Framing the Problem Space
That convergence is what this post is about. I want to distill the notes, references, and experiments I’ve been collecting, while reflecting on how Tim’s coaching perspective led me to rethink the direction.
The central problem, as I see it, is how to represent and reason about climbing movement well enough to produce coaching that is both technically grounded and actionable. That breaks into a set of smaller questions: what the system needs to know about the climber and the problem, what it can reliably extract from video, how it should evaluate movement, and how those observations can be turned into useful feedback.
Tim approaches the problem from the coaching side: what does good movement look like, and why do certain mistakes repeat across climbers?

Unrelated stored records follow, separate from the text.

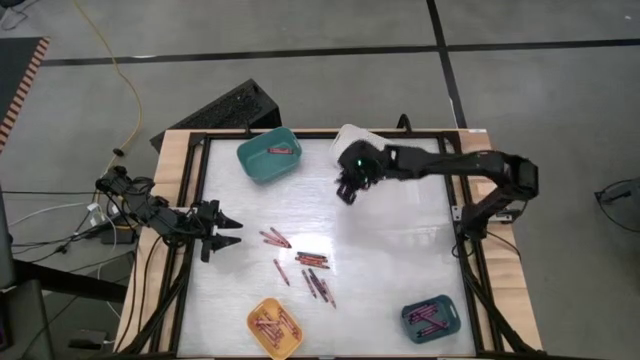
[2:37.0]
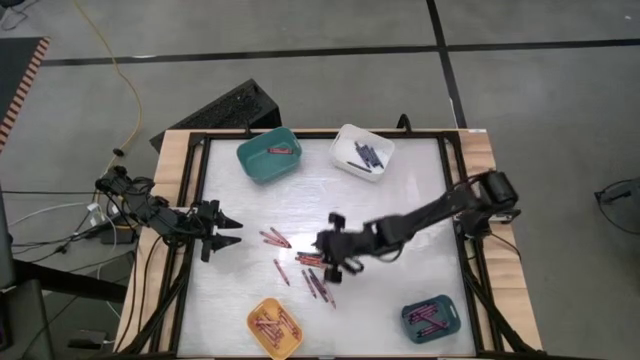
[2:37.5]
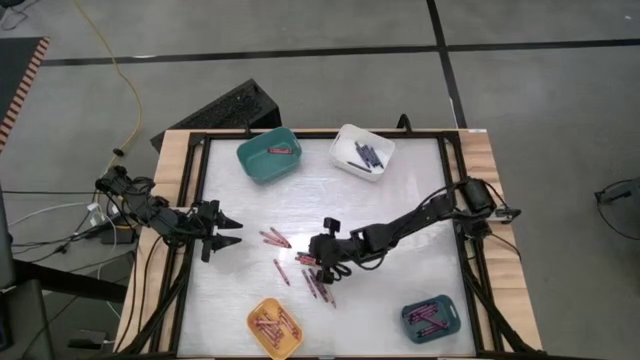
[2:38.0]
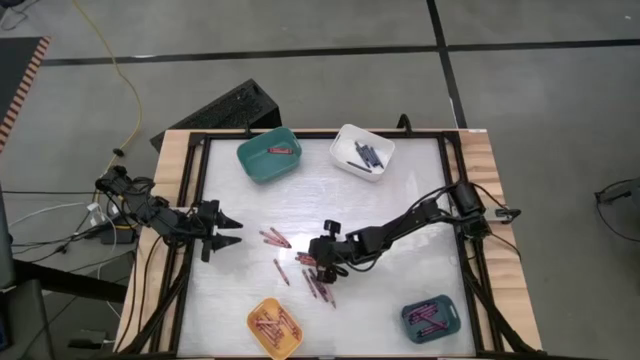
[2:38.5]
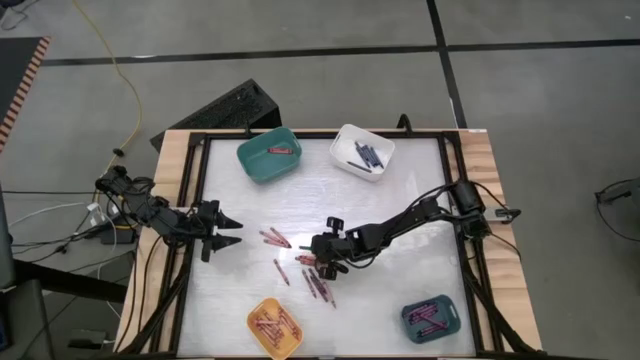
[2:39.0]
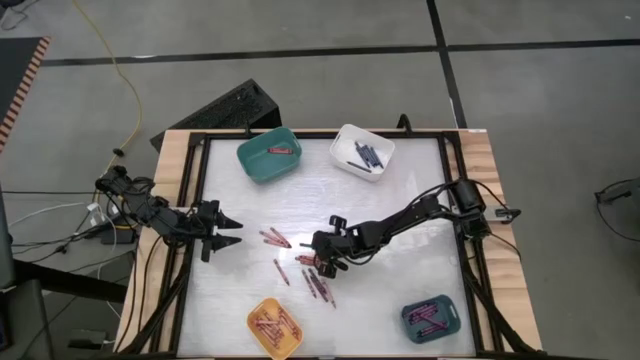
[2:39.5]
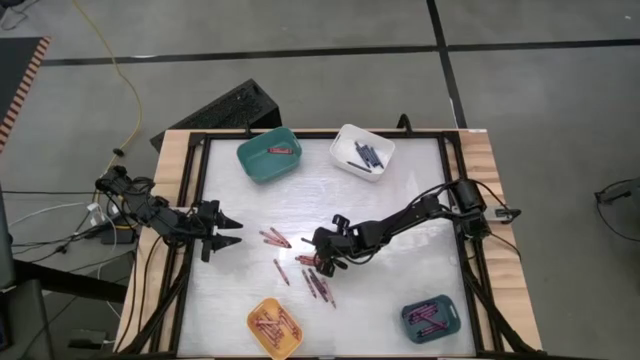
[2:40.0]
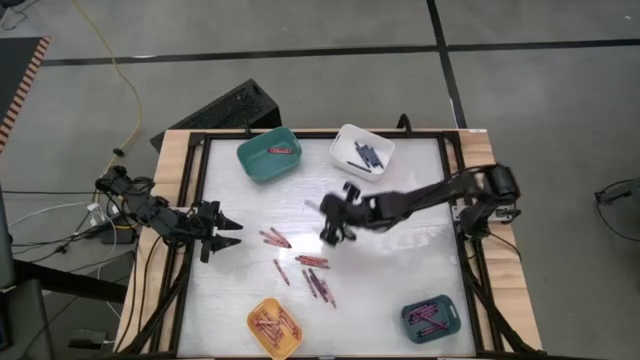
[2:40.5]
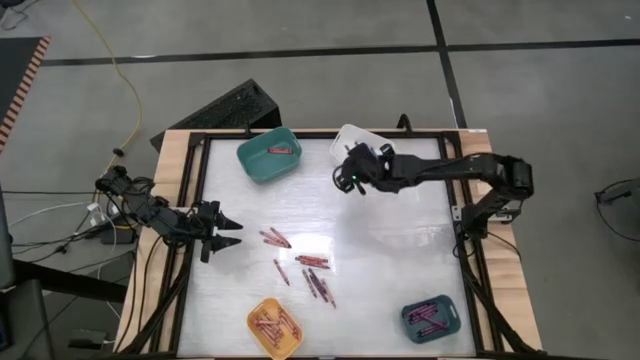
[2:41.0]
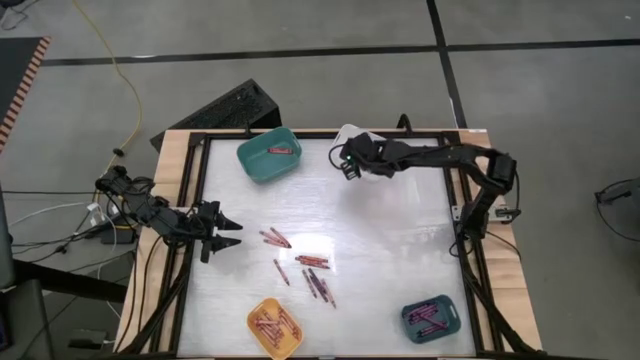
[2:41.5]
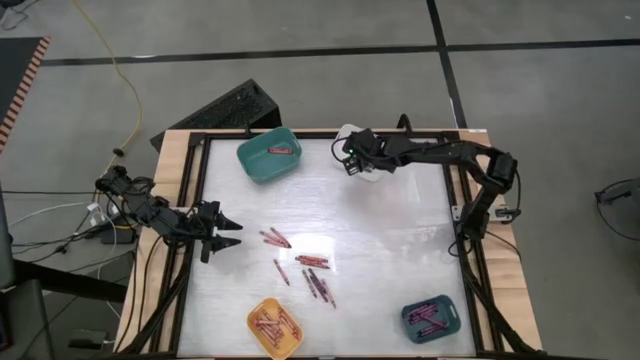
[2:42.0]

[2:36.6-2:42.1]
Put the blue crayon into the white bin

I tried to approach it from the system side: what information would software need in order to observe, compare, and eventually reason about those movements?
The layers I currently have in mind are:
- Problem & climber context
- Video measurement
- Movement interpretation
- Coaching feedback
- (Maybe) simulation
Q1: What does the system need to know?
A climbing video is an incomplete representation of a climb. Most videos we see on Instagram, Kaya, or other platforms are captured in 2D image space. From that alone, it is difficult to know how hard the problem is, what the wall angle is, how positive or friction-dependent a hold is, or whether a movement is realistic for a specific climber.

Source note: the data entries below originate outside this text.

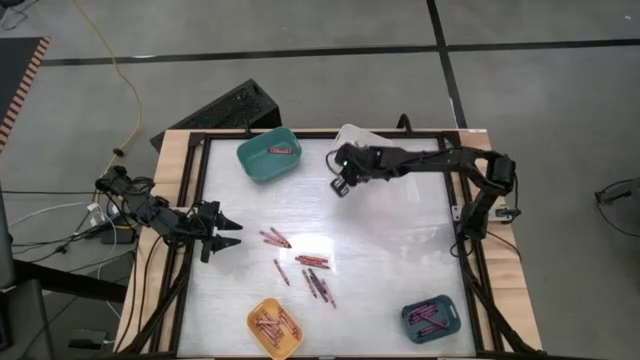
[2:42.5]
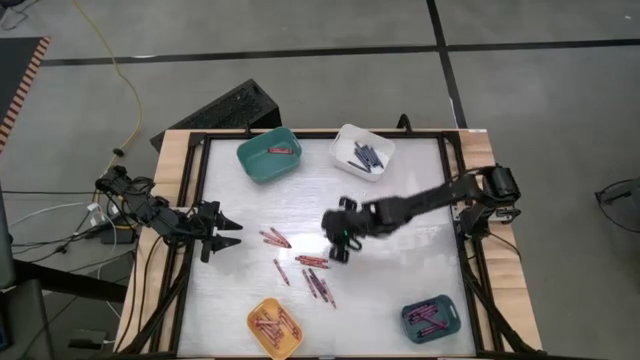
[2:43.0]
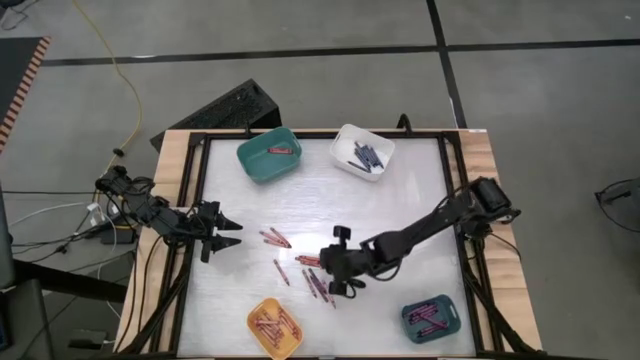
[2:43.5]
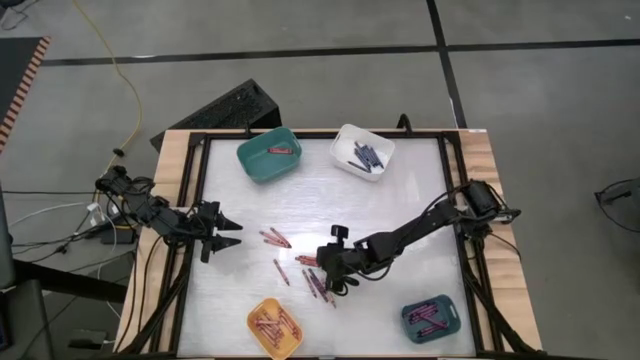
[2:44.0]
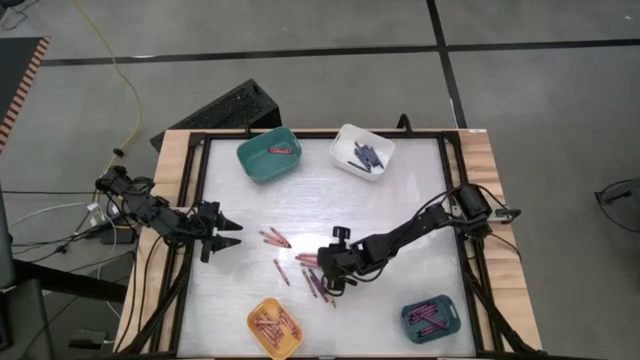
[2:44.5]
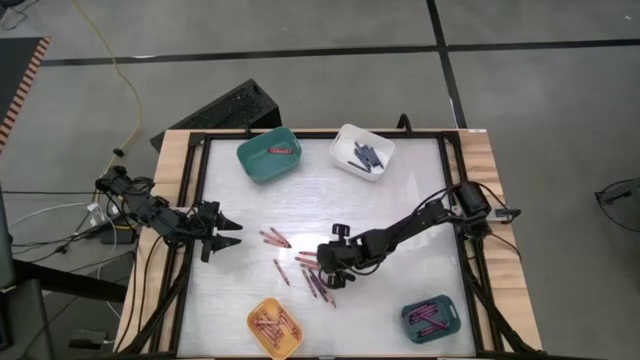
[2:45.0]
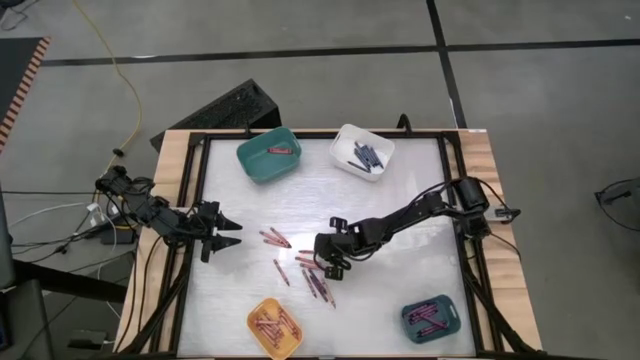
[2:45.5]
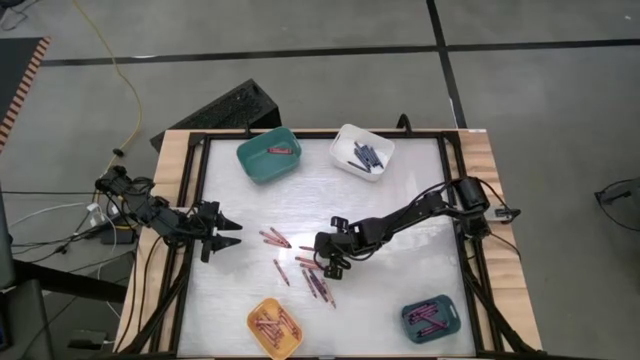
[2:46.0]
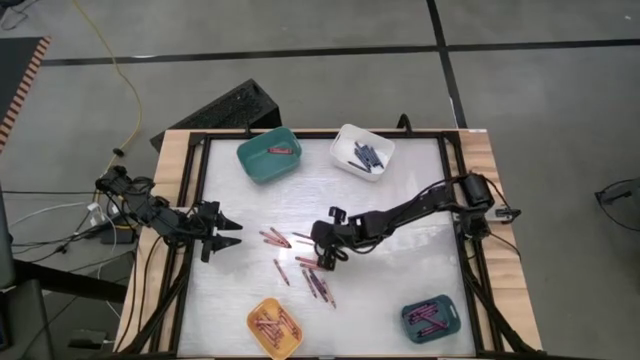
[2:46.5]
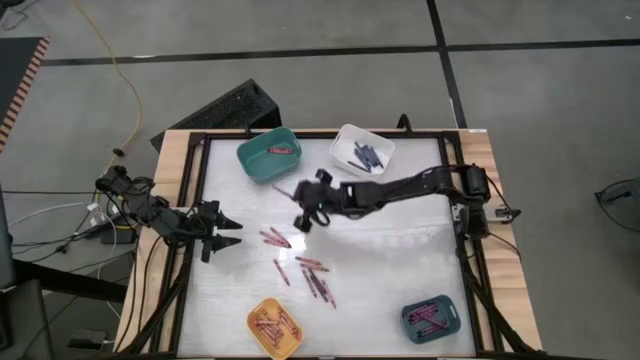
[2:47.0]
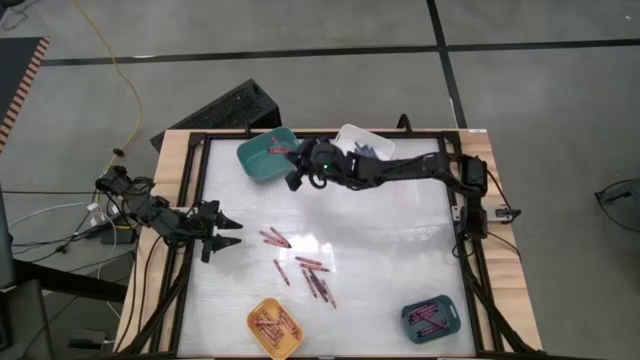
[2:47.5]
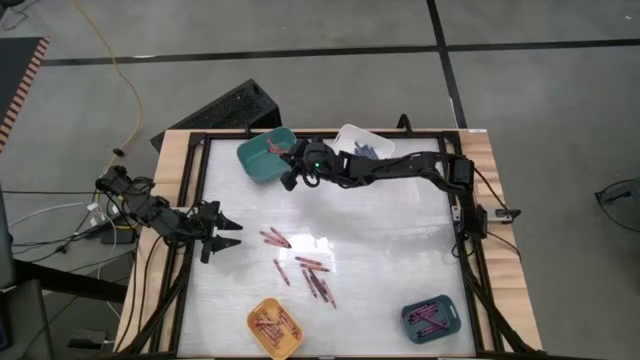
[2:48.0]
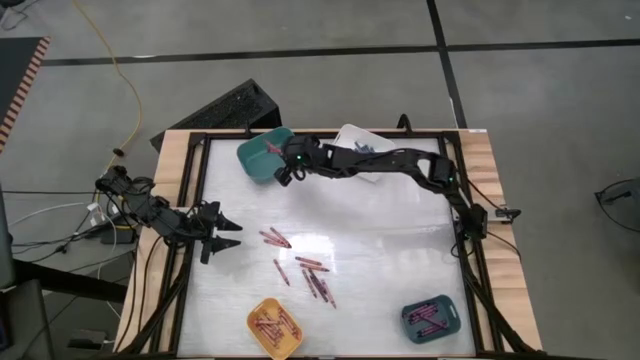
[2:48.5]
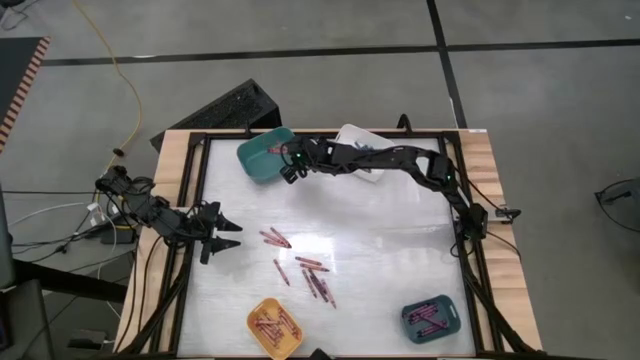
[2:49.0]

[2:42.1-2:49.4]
Put the red crayon into the top green bin

A coach fills in those gaps through experience. In machine learning terms, an experienced coach has years of “pre-trained weights” from climbing, watching, failing, adjusting, and teaching. They are reading the wall, the holds, the body type, the intended movement, and the failure point together.
For a system to do something similar, it needs context from both the problem and the climber.
On the problem side, this could include hold positions, shape, texture, wall angle, distance between holds, and the role of each hold in the climb. A sloper on slab, a sloper on vertical terrain, and a sloper on a steep overhang may be visually similar, but they create very different movement requirements.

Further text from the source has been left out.